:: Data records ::
-- Opening Marker --
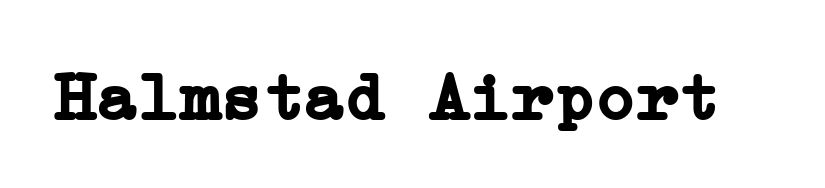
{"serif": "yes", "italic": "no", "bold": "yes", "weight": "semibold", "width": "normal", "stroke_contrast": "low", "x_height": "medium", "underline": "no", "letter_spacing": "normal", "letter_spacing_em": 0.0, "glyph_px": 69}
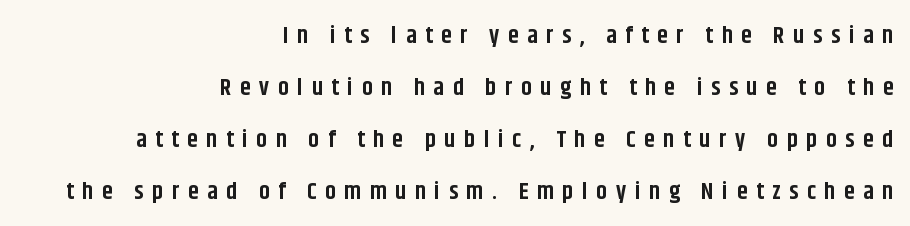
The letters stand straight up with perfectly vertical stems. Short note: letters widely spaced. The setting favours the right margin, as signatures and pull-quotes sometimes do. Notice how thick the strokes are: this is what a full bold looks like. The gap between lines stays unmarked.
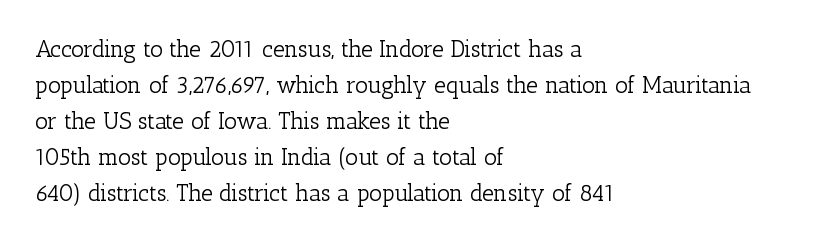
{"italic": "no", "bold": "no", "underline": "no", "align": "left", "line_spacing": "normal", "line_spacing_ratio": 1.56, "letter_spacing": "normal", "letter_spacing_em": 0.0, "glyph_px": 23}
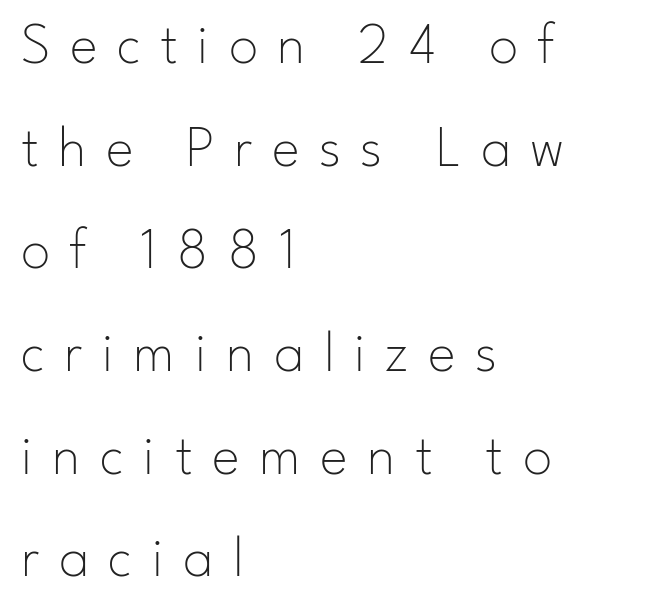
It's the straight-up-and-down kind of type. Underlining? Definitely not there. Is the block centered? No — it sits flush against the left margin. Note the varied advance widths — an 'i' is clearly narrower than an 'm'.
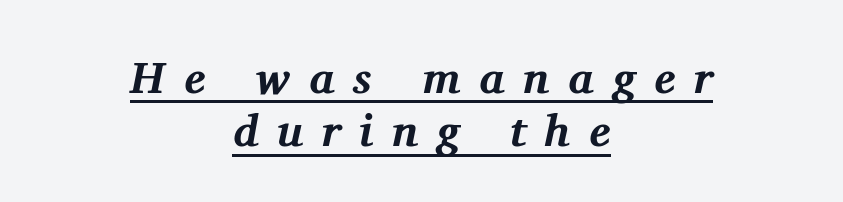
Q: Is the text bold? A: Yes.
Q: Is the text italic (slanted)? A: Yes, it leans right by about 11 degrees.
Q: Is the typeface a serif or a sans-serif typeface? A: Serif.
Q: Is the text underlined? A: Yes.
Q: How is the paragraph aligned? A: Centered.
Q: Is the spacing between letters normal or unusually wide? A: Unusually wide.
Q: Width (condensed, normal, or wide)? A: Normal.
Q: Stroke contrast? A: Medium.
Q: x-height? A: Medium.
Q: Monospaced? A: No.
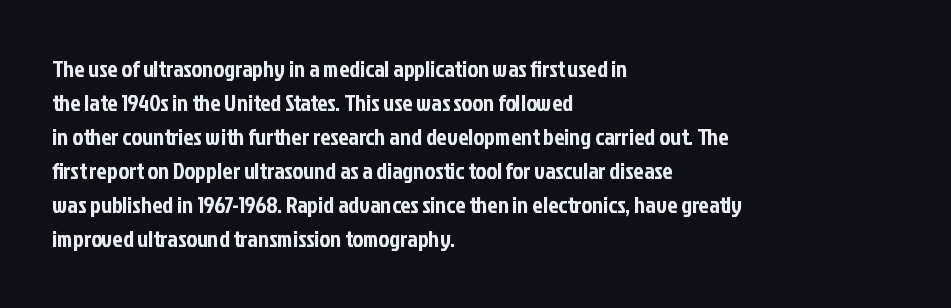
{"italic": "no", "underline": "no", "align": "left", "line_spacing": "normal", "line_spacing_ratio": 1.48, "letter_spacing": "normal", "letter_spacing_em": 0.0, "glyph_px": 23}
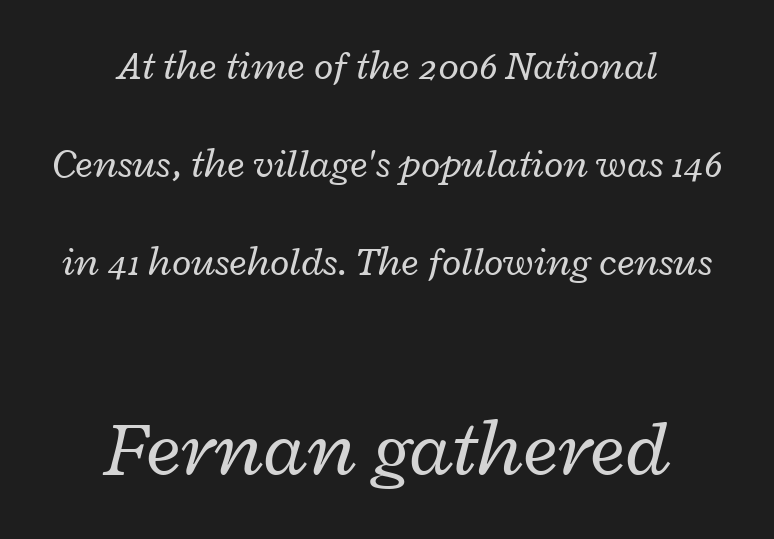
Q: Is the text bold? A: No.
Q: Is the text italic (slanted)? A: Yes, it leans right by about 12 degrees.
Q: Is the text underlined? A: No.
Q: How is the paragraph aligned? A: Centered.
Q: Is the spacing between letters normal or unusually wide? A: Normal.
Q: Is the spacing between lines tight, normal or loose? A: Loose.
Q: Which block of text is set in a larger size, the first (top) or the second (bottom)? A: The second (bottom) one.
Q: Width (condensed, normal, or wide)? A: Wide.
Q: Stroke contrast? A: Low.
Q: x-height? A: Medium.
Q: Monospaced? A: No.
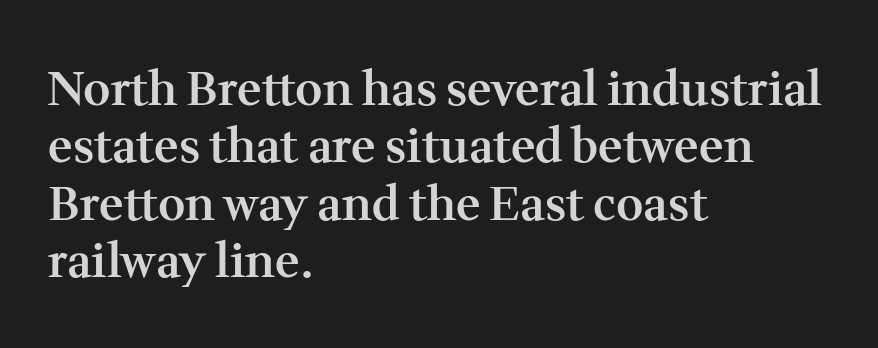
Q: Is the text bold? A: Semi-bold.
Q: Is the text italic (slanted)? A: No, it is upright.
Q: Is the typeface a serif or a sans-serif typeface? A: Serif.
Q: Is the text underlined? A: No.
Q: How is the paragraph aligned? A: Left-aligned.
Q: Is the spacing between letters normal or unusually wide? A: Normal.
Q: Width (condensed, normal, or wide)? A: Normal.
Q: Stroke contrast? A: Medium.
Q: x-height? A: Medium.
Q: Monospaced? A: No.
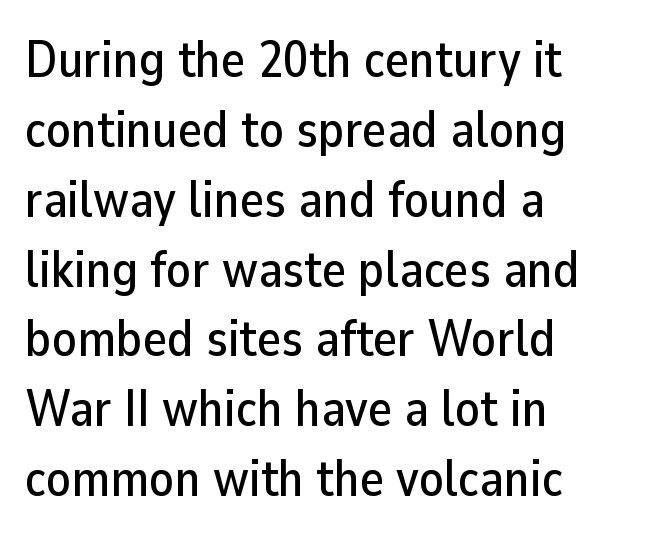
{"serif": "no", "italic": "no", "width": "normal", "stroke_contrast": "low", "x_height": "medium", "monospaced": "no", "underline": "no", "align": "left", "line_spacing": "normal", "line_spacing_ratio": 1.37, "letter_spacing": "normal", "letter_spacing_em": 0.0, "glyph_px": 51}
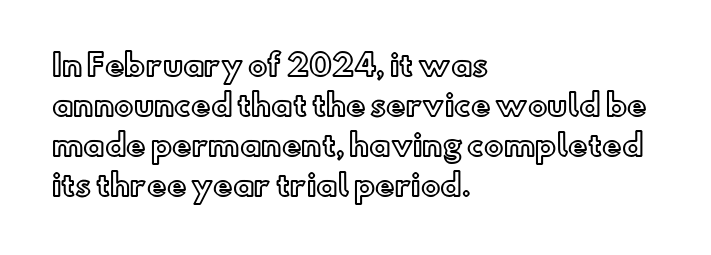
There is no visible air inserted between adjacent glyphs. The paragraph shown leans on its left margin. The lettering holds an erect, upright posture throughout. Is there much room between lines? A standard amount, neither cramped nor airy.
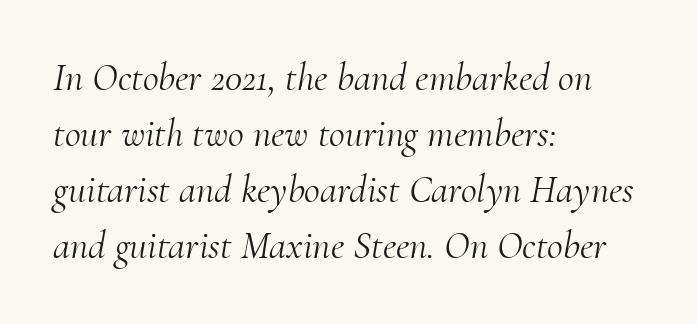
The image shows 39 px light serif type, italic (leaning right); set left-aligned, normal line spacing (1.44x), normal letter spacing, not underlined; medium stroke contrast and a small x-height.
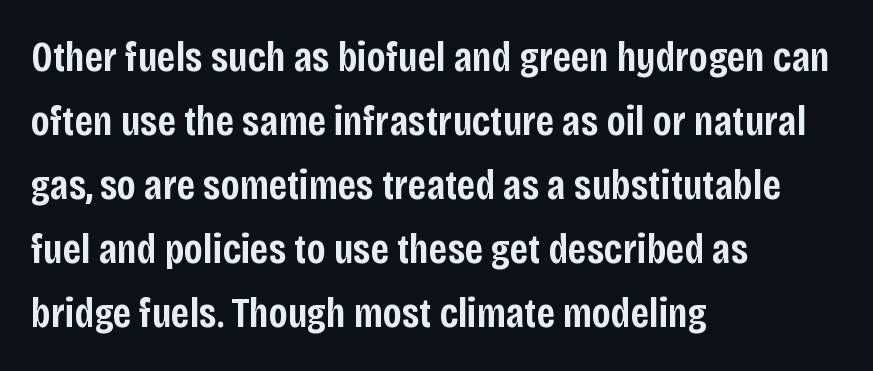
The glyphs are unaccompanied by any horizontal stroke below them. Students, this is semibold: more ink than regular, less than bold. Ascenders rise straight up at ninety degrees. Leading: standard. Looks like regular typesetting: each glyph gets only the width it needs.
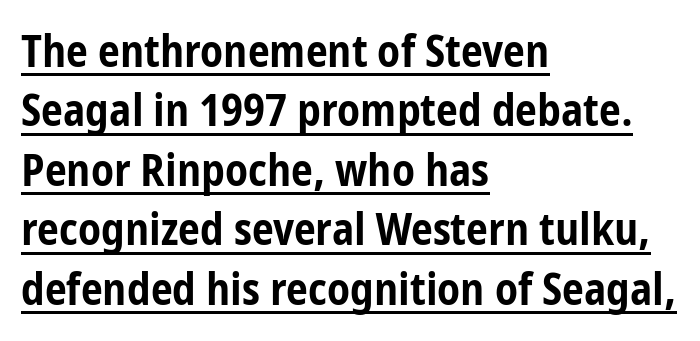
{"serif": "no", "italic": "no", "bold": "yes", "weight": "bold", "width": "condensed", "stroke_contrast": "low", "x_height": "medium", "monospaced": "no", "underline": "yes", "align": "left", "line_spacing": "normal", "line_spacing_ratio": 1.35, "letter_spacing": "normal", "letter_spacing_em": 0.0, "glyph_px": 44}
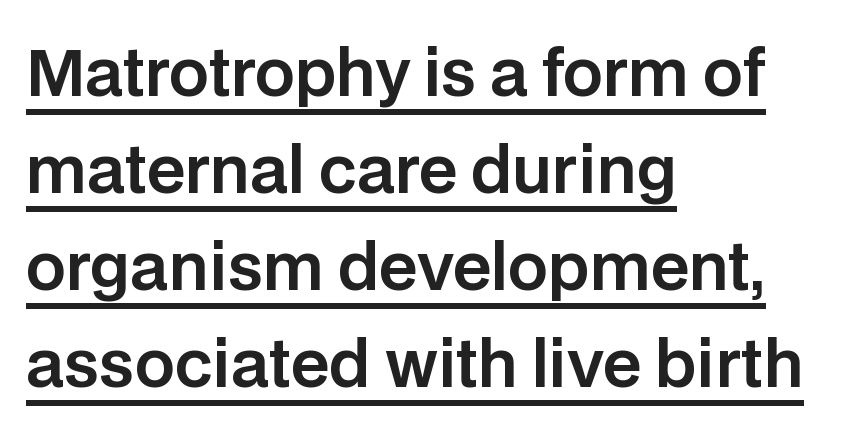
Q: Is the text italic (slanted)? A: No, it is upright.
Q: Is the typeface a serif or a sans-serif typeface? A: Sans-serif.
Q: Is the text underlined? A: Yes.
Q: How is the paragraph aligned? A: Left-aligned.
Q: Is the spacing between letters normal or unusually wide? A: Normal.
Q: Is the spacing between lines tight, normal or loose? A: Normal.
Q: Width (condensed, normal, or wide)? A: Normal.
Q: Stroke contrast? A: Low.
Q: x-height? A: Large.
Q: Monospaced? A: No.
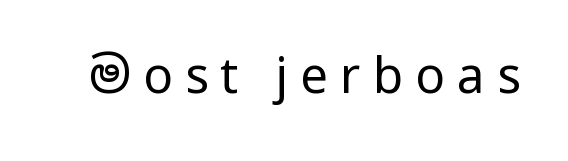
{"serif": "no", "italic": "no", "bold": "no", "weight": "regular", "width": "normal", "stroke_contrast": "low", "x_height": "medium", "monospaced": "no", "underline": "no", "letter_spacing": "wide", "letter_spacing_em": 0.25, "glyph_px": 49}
-- Closing Marker --
:: What to do ::
The result should be an exact retyped version of all the entries above, containing no pictures.

:: Finished task ::
{"serif": "yes", "italic": "no", "bold": "yes", "weight": "semibold", "width": "normal", "stroke_contrast": "low", "x_height": "medium", "underline": "no", "letter_spacing": "normal", "letter_spacing_em": 0.0, "glyph_px": 69}
The letters stand straight up with perfectly vertical stems. Short note: letters widely spaced. The setting favours the right margin, as signatures and pull-quotes sometimes do. Notice how thick the strokes are: this is what a full bold looks like. The gap between lines stays unmarked.
{"italic": "no", "bold": "no", "underline": "no", "align": "left", "line_spacing": "normal", "line_spacing_ratio": 1.56, "letter_spacing": "normal", "letter_spacing_em": 0.0, "glyph_px": 23}
It's the straight-up-and-down kind of type. Underlining? Definitely not there. Is the block centered? No — it sits flush against the left margin. Note the varied advance widths — an 'i' is clearly narrower than an 'm'.
Q: Is the text bold? A: Yes.
Q: Is the text italic (slanted)? A: Yes, it leans right by about 11 degrees.
Q: Is the typeface a serif or a sans-serif typeface? A: Serif.
Q: Is the text underlined? A: Yes.
Q: How is the paragraph aligned? A: Centered.
Q: Is the spacing between letters normal or unusually wide? A: Unusually wide.
Q: Width (condensed, normal, or wide)? A: Normal.
Q: Stroke contrast? A: Medium.
Q: x-height? A: Medium.
Q: Monospaced? A: No.
{"italic": "no", "underline": "no", "align": "left", "line_spacing": "normal", "line_spacing_ratio": 1.48, "letter_spacing": "normal", "letter_spacing_em": 0.0, "glyph_px": 23}
Q: Is the text bold? A: No.
Q: Is the text italic (slanted)? A: Yes, it leans right by about 12 degrees.
Q: Is the text underlined? A: No.
Q: How is the paragraph aligned? A: Centered.
Q: Is the spacing between letters normal or unusually wide? A: Normal.
Q: Is the spacing between lines tight, normal or loose? A: Loose.
Q: Which block of text is set in a larger size, the first (top) or the second (bottom)? A: The second (bottom) one.
Q: Width (condensed, normal, or wide)? A: Wide.
Q: Stroke contrast? A: Low.
Q: x-height? A: Medium.
Q: Monospaced? A: No.
Q: Is the text bold? A: Semi-bold.
Q: Is the text italic (slanted)? A: No, it is upright.
Q: Is the typeface a serif or a sans-serif typeface? A: Serif.
Q: Is the text underlined? A: No.
Q: How is the paragraph aligned? A: Left-aligned.
Q: Is the spacing between letters normal or unusually wide? A: Normal.
Q: Width (condensed, normal, or wide)? A: Normal.
Q: Stroke contrast? A: Medium.
Q: x-height? A: Medium.
Q: Monospaced? A: No.
{"serif": "no", "italic": "no", "width": "normal", "stroke_contrast": "low", "x_height": "medium", "monospaced": "no", "underline": "no", "align": "left", "line_spacing": "normal", "line_spacing_ratio": 1.37, "letter_spacing": "normal", "letter_spacing_em": 0.0, "glyph_px": 51}
There is no visible air inserted between adjacent glyphs. The paragraph shown leans on its left margin. The lettering holds an erect, upright posture throughout. Is there much room between lines? A standard amount, neither cramped nor airy.
The image shows 39 px light serif type, italic (leaning right); set left-aligned, normal line spacing (1.44x), normal letter spacing, not underlined; medium stroke contrast and a small x-height.
The glyphs are unaccompanied by any horizontal stroke below them. Students, this is semibold: more ink than regular, less than bold. Ascenders rise straight up at ninety degrees. Leading: standard. Looks like regular typesetting: each glyph gets only the width it needs.
{"serif": "no", "italic": "no", "bold": "yes", "weight": "bold", "width": "condensed", "stroke_contrast": "low", "x_height": "medium", "monospaced": "no", "underline": "yes", "align": "left", "line_spacing": "normal", "line_spacing_ratio": 1.35, "letter_spacing": "normal", "letter_spacing_em": 0.0, "glyph_px": 44}
Q: Is the text italic (slanted)? A: No, it is upright.
Q: Is the typeface a serif or a sans-serif typeface? A: Sans-serif.
Q: Is the text underlined? A: Yes.
Q: How is the paragraph aligned? A: Left-aligned.
Q: Is the spacing between letters normal or unusually wide? A: Normal.
Q: Is the spacing between lines tight, normal or loose? A: Normal.
Q: Width (condensed, normal, or wide)? A: Normal.
Q: Stroke contrast? A: Low.
Q: x-height? A: Large.
Q: Monospaced? A: No.
{"serif": "no", "italic": "no", "bold": "no", "weight": "regular", "width": "normal", "stroke_contrast": "low", "x_height": "medium", "monospaced": "no", "underline": "no", "letter_spacing": "wide", "letter_spacing_em": 0.25, "glyph_px": 49}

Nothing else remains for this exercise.